------ Material for this task

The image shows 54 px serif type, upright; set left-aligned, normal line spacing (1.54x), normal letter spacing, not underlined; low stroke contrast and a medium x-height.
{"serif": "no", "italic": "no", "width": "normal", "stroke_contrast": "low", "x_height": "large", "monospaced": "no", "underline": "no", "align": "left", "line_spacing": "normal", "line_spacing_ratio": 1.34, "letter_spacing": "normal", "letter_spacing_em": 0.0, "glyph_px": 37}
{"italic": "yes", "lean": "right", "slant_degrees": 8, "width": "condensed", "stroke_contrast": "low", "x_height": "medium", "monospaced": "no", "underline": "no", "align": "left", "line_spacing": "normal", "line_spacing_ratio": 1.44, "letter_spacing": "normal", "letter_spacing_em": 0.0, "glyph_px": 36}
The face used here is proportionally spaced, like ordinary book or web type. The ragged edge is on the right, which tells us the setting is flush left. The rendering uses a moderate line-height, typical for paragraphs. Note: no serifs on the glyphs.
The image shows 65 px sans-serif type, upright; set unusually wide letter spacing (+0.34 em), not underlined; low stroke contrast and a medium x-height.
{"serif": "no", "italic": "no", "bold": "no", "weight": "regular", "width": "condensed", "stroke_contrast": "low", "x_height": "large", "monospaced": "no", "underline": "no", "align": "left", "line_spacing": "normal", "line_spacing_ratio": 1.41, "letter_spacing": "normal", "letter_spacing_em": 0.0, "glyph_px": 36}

------------

Return the number of lines in the records holding the string "condensed", without any other words.

# Solved exercise
2